PERMANENT AND SPECIFIC TRANSPLANTATION TOLERANCE INDUCED BY A NONMYELOABLATIVE TREATMENT TO A WIDE VARIETY OF ALLOGENEIC TISSUES

Abstract
The long-term success of organ transplantation is limited by complications resulting from consistent nonspecific immunosuppression. Induction of stable, donor-specific tolerance remains the main goal of transplantation immunology. In this article, a new, nonmyeloablative method is described for induction of transplantation tolerance to fully mismatched bone marrow cells (BMC), bone marrow stromal precursors, heart muscle, and skin allografts. The method is based on pretransplant conditioning with no postgraft immunosuppression, and consists of a short course (six daily fractions of 200 cGy) of total lymphoid irradiation (sTLI), followed by selective elimination of donor-specific alloreactive cells of the host escaping low-dose sTLI. Donor-specific alloreactive cells were activated by intravenous inoculation with a high dose of donor BMC (3×107 cells) 1 day after sTLI, and eliminated by a single intraperitoneal dose (200 mg/kg) of cyclophosphamide given 1 day after cell transfer.
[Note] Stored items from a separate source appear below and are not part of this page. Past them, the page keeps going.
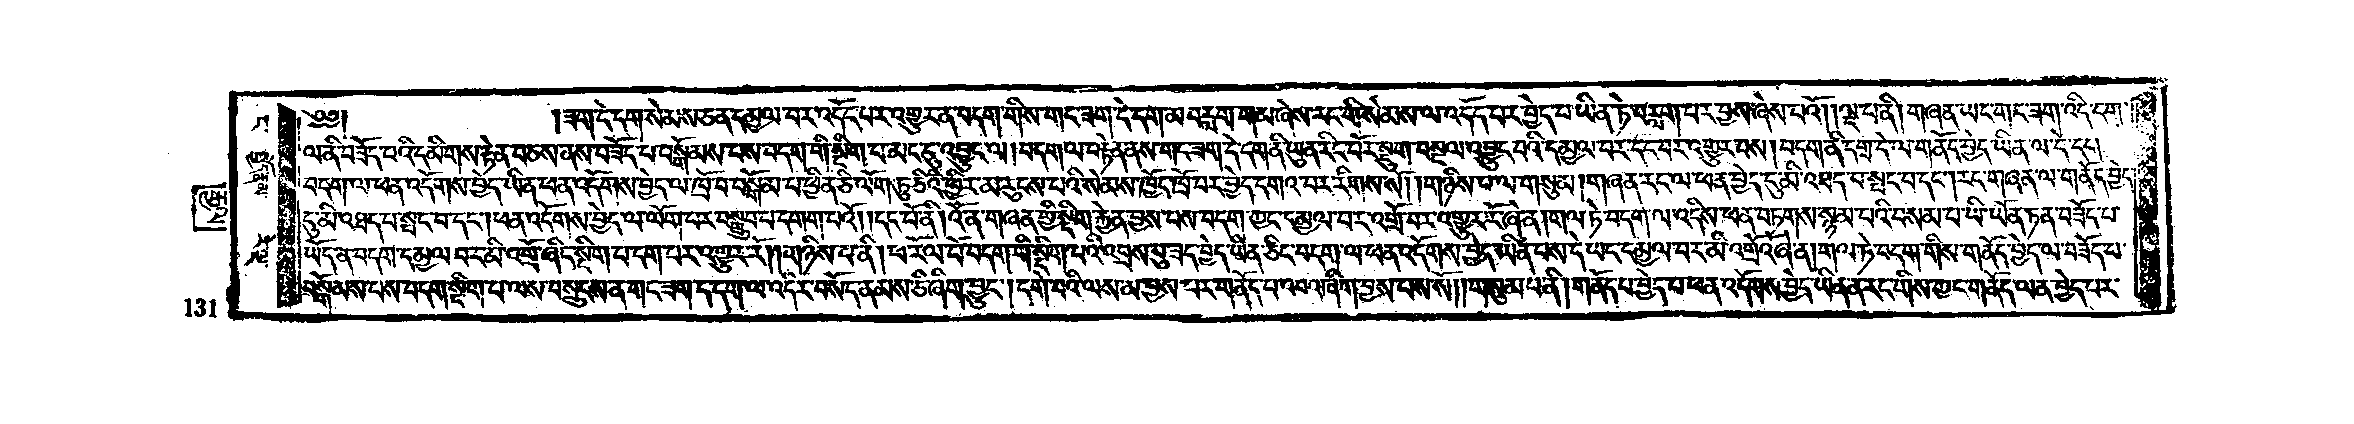༄༅། །ཟག་དེ་དག་སེམས་ཅན་དམྱལ་བར་འདོད་པར་འགྱུར་ན་བདག་གིས་གང་ཟག་དེ་དག་མ་བརླག་གམ་ཞེས་རང་གི་སེམས་ལ་འདོད་པར་བྱེད་པ་ཡིན་ཏེ་བརླག་པར་བྱས་ཞེས་པའོ། །ལྔ་པ་ནི། གཞན་ཡང་གང་ཟག་འདི་དག་
ལ་ནི་བཟོད་པའི་དམིགས་རྟེན་བཅས་ནས་བཟོད་པ་བསྒོམས་པས་བདག་གི་སྡིག་པ་མང་དུ་འབྱུང་ལ། །བདག་ལ་བརྟེན་ནས་གང་ཟག་དེ་དག་ནི་ཡུན་རིང་པོར་སྡུག་བསྔལ་འབྱུང་བའི་དམྱལ་བར་དང་བར་འགྱུར་བས། བདག་ནི་དགྲ་དེ་ལ་གནོད་བྱེད་ཡིན་ལ་དེ་དང་།
བདག་ལ་ཕན་འདོགས་བྱེད་ཡིན་ཕན་འདོགས་བྱེད་ལ་ཁྲོ་བ་བསྒོམ་པ་ཕྱིན་ཅི་ལོག་ཏུ་ཅིའི་ཕྱིར་མ་རུངས་པའི་སེམས་ཁྱོད་ཁྲོ་བར་བྱེད་དགའ་བར་རིགས་སོ། །གཉིས་པ་ལ་གསུམ། གཞན་རང་ལ་ཕན་བྱེད་དུ་མི་འཐད་པ་སྤང་བ་དང་། རང་གཞན་ལ་གནོད་བྱེད་
དུ་མི་འཐད་པ་སྤང་བ་དང་། ཕན་འདོགས་བྱེད་ལ་ལོག་པར་བསྒྲུབ་པ་དགག་པའོ། །འོ་ན་གཞན་གྱི་སྡིག་རྐྱེན་བྱས་པས་བདག་ཀྱང་དམྱལ་བར་འགྲོ་བར་འགྱུར་རོ་ཞེ་ན། གལ་ཏེ་བདག་ལ་འདིས་ཕན་བཏགས་སྙམ་པའི་བསམ་པ་ཡི་ཡོན་ཏན་བཟོད་པ་
ཡོད་ན་བདག་དམྱལ་བར་མི་འགྲོ་ཞིང་སྡིག་པ་དག་པར་འགྱུར་རོ། །གཉིས་པ་ནི། ཕ་རོལ་པོ་བདག་གི་སྡིག་པའི་འབྲས་བུ་ཟད་བྱེད་ཡིན་ཅིང་བདག་ལ་ཕན་འདོགས་བྱེད་ཡིན་པས་དེ་ཡང་དམྱལ་བར་མི་འགྲོའོ་ཞེ་ན། གལ་ཏེ་བདག་གིས་གནོད་བྱེད་ལ་བཟོད་པ་
བསྒོམས་པས་བདག་སྡིག་པ་ལས་བསྲུངས་ནས་གང་ཟག་དེ་དག་ལ་འདིར་བསོད་ནམས་ཅི་ཞིག་བྱུང་། དགེ་བའི་ལས་མ་བྱས་པར་གནོད་པ་འབའ་ཞིག་བྱས་པས་སོ། །གསུམ་པ་ནི། གནོད་པ་བྱེད་པ་ཕན་འདོགས་བྱེད་ཡིན་ན་རང་གིས་ཀྱང་གནོད་ལན་བྱེད་པར་

Infusion of a low number of T cell-depleted BMC (3×106 cells) after tolerogenic preconditioning converted recipients to stable mixed chimeras free of graft-versus-host disease. The same treatment provided long-lasting acceptance of heterotopically transplanted allografts of the heart muscle and of the stromal precursors to the hematopoietic microenvironment. This treatment also led to acceptance and life-long survival of full-thickness donor skin allografts. However, skin allografts survived only in mice that received donor T cell-depleted BMC after cyclophosphamide and had 20-50% donor cells in the blood. Our results suggest that after sTLI, additional selective clonal deletion of residual host cells induces a state of long-lasting specific tolerance to a wide variety of donor-derived tissues.